> **REQUIREMENT**
Show all lines below holding the string "favorite".

> **DATA RECORDS**
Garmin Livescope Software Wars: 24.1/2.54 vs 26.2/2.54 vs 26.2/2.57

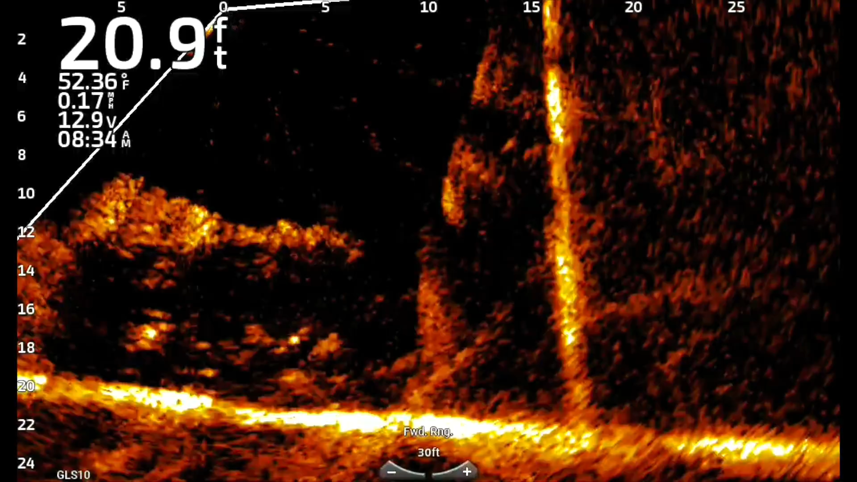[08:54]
On screen: depth 20.9 ft, water 52.36°F, speed 0.17 mph
not a smooth movement you don't see the it kind of gets almost like it's in slow motion everything's in slow motion not a big fan of noise reject high
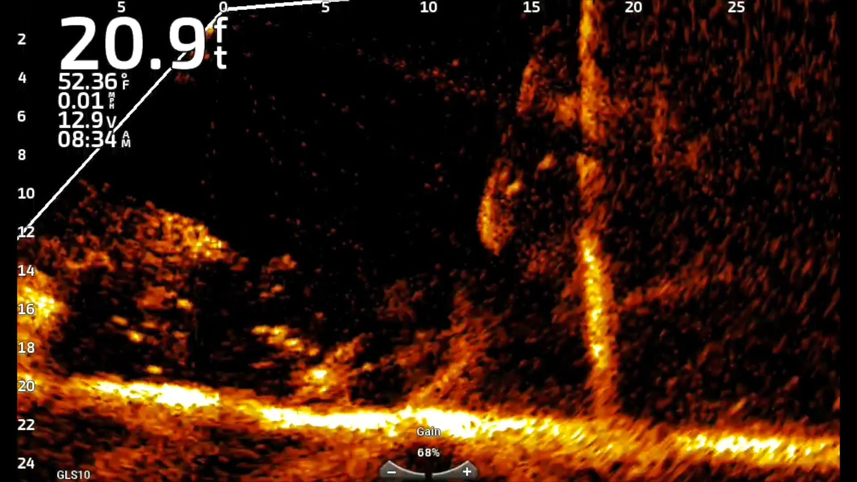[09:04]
On screen: depth 20.9 ft, water 52.36°F
uh in any of the software updates i've ever had now we're going to move to my favorite the
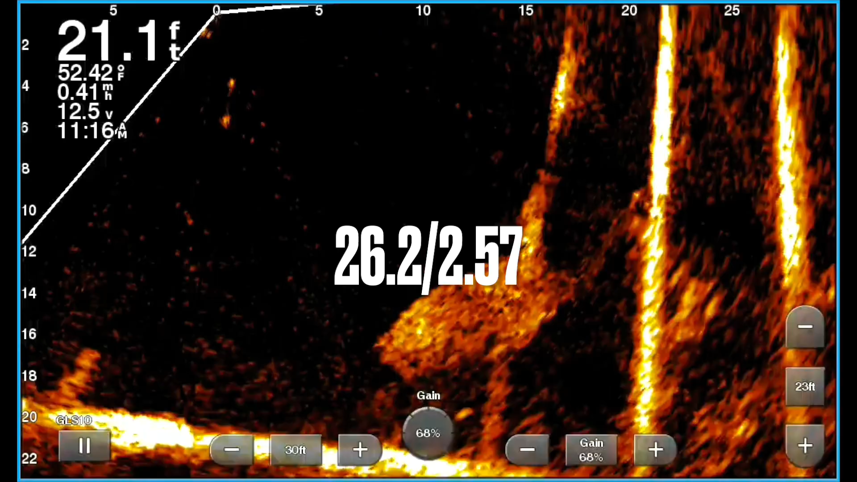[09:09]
On screen: depth 21.1 ft, water 52.42°F
26.2 with the 2.57 um transducer this
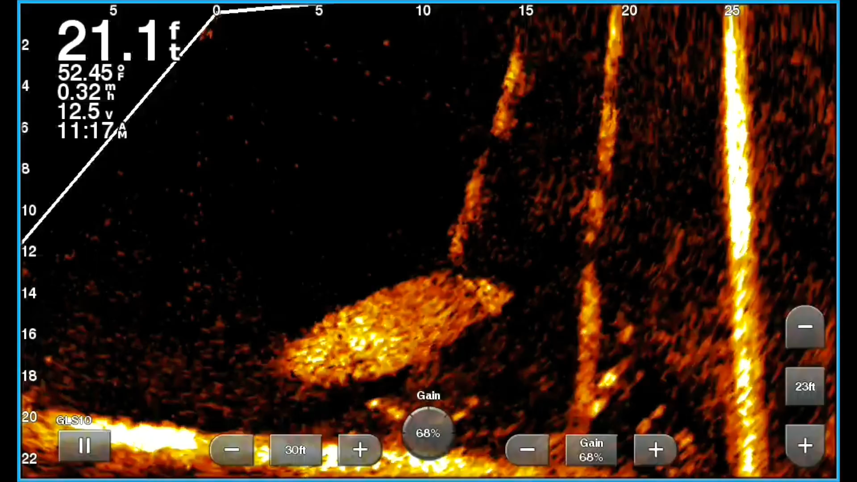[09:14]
On screen: depth 21.1 ft
is the latest update on both of those
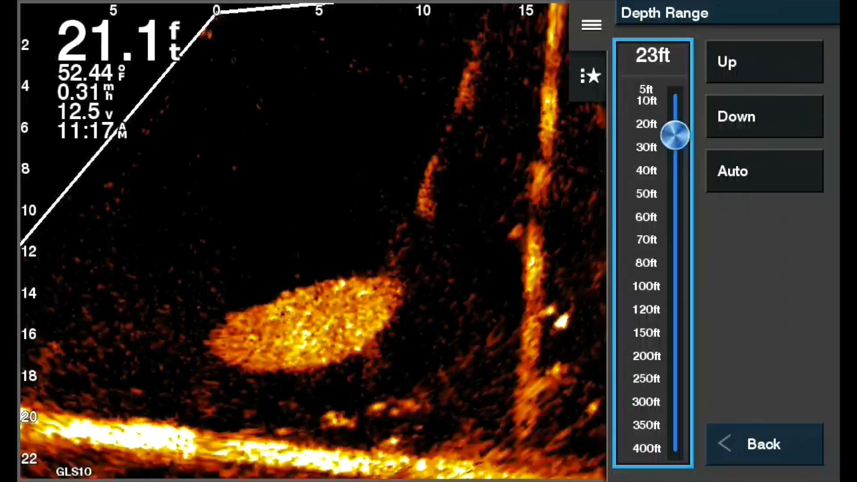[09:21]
On screen: depth 21.1 ft, water 52.44°F
and uh just kind of go through and as i put it on there i just want to go through i'm trying to get the rain set just perfect there um and i i noticed like i said you'll see definitely a hotter return that's one thing and i've got i think my gains on 68 but there's definitely a hotter return um
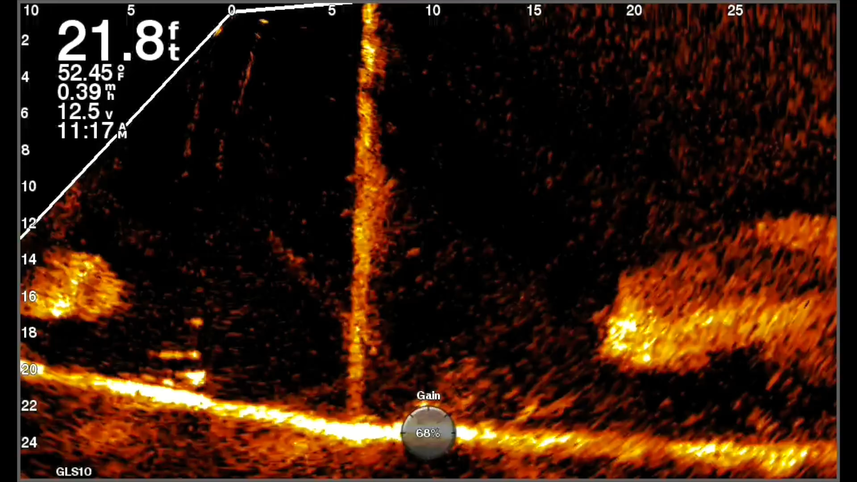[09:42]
On screen: depth 21.8 ft, water 52.45°F
um than um than than the other ones so you you definitely can
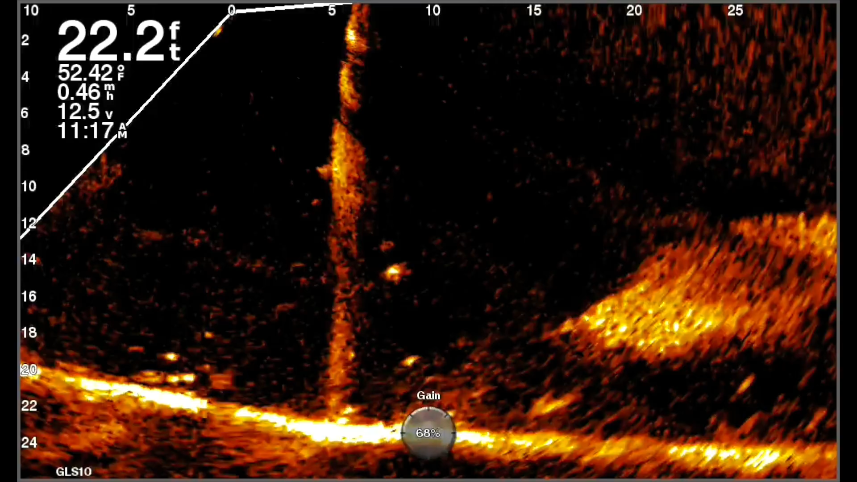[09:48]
On screen: depth 22.2 ft
see a difference in the hotness of it now i'm looking out there and i want to bring this attention like i did on the other one um out there about 20 feet um where those shad were and i'm kind of standing around here going back and forth but out there where those shad were the same thing that it happened on the one before uh different beams kind of showed them a little bit different in different ways and um uh looks like rain kind of in there but i will say this
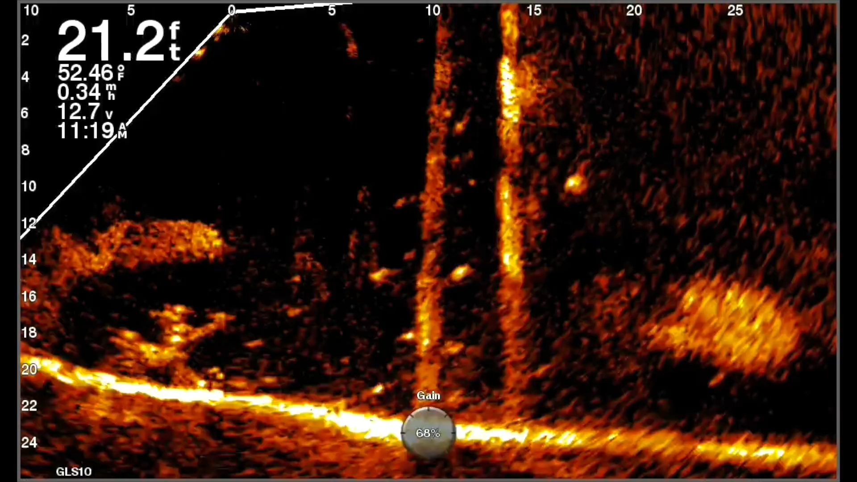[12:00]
On screen: depth 21.2 ft, water 52.46°F
uh interference as the other two so uh take that for what you will uh but it definitely it definitely is a cleaner picture and this is in the 25 and i got it on set on 30 feet it's definitely a cleaner picture especially with 26.2 26.1 uh i don't know what they did between 26.1 and 26.2 but they they cleaned it up a lot that little tweak they made
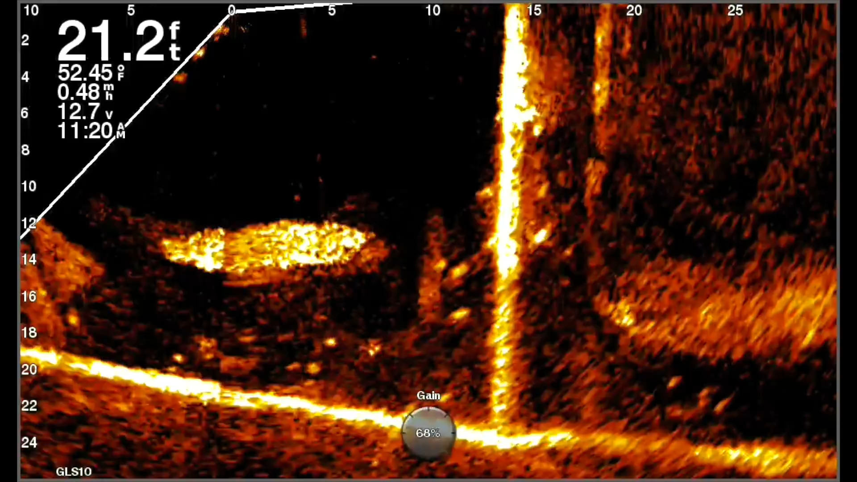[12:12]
On screen: depth 21.2 ft, water 52.45°F, speed 0.48 mph
with that blue color palette i think it kind of bled into the other parts of this uh of this software update and i think they got more of their intended uh results with this one right here i really do believe that this is more of what they intended it to be i don't have any dead spots but i haven't had any dead spots that
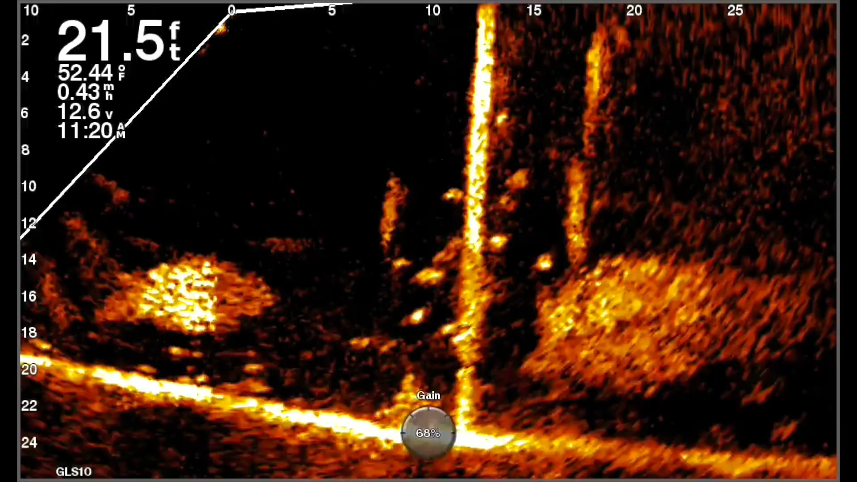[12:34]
On screen: depth 21.5 ft, water 52.44°F
i can say on any of the three not in the zero to 30 foot range i i just never did have any uh dead spots i did notice if you look down
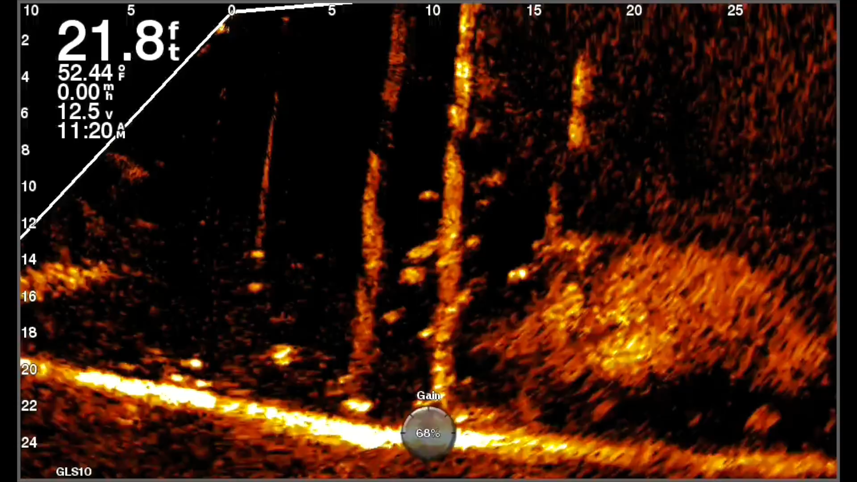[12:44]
On screen: depth 21.8 ft, water 52.44°F
about the 20 foot mark right there it kind of looks a little uh glitchy inside the shad for a second there um like the computer was working real hard to clean it up um so just bringing everything to
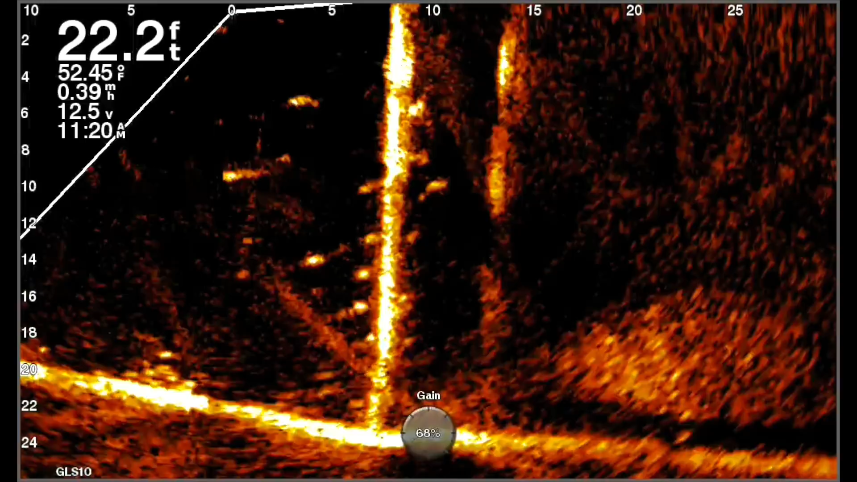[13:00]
On screen: depth 22.2 ft, water 52.45°F
the attention that i see uh still can see fish swimming around um we'll say that they're not as fuzzy i don't know how to say this they're not as they don't have that little fuzz around them so they
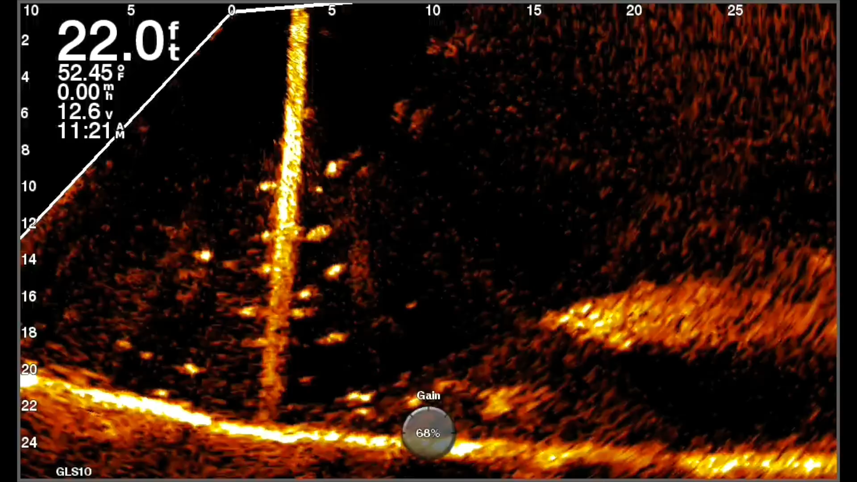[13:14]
On screen: depth 22.0 ft, water 52.45°F
seem to be a little bit more refined and uh i don't know what that's from but i'm in the same area on all three of these i
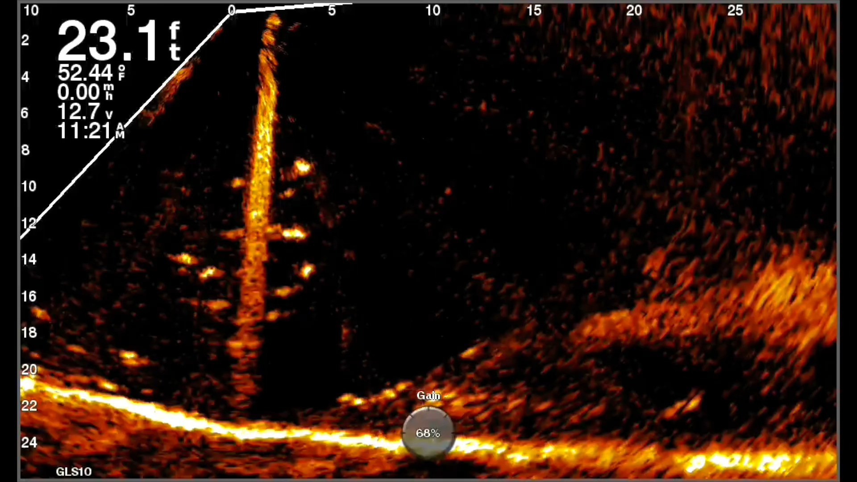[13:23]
On screen: depth 23.1 ft, water 52.44°F, speed 0.00 mph
literally uh let it run for three or four minutes five minutes update it to the next one let it run three or four five minutes update it to the next one i just probably spent 20 30 minutes total doing all the updates and getting everything set up
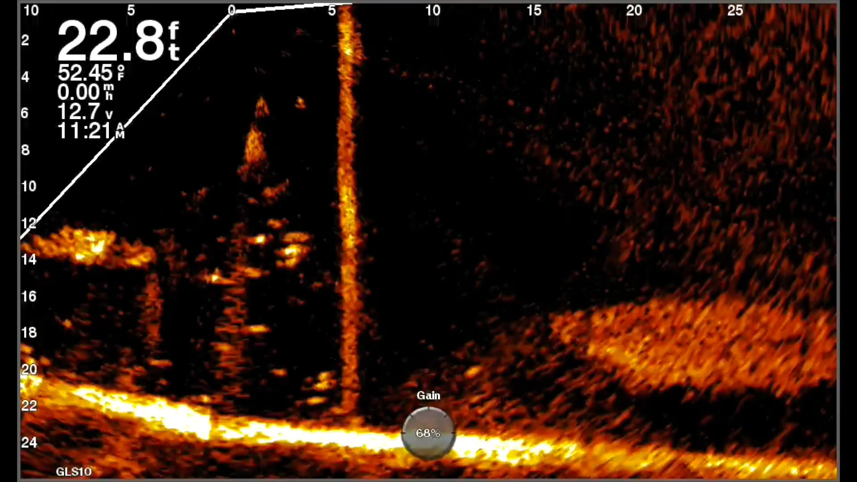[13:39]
On screen: depth 22.8 ft, water 52.45°F, speed 0.00 mph
and literally just kind of went fishing you know dropping the jigs down just kind of looking around no manipulation not trying to hold it in a jig hold it in one area versus in the other software not holding there i put the phone down and just went fishing and didn't have trouble seeing my jig in any of this i will just say that the 26.2 is personally my favorite i think it's a cleaner picture uh i don't have problems seeing that uh don't have problems seeing any
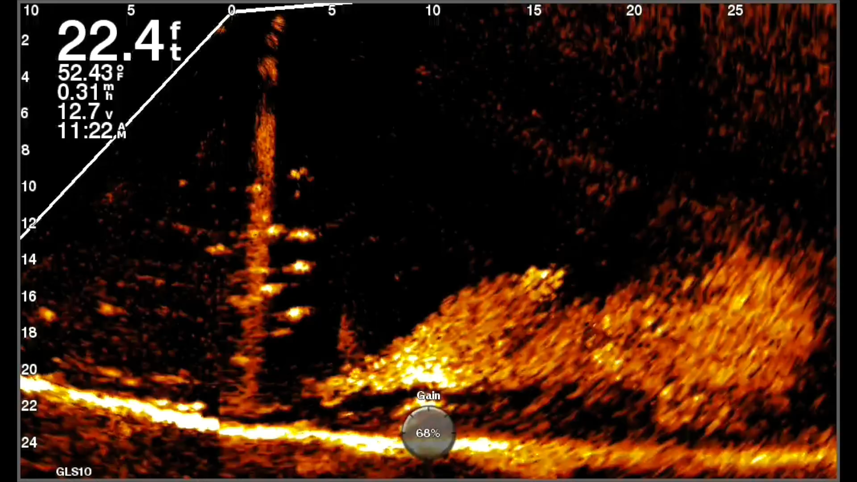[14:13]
On screen: depth 22.4 ft, water 52.43°F, speed 0.31 mph
uh the jig or the fish so i would say that i'm sticking with 26.2 but i will say this i am going to run the test today again like i said on 14.1 which is supposed to be the one the only the greatest software update ever in the history of garmin live scope

> **RESPONSE**
uh in any of the software updates i've ever had now we're going to move to my favorite the
and literally just kind of went fishing you know dropping the jigs down just kind of looking around no manipulation not trying to hold it in a jig hold it in one area versus in the other software not holding there i put the phone down and just went fishing and didn't have trouble seeing my jig in any of this i will just say that the 26.2 is personally my favorite i think it's a cleaner picture uh i don't have problems seeing that uh don't have problems seeing any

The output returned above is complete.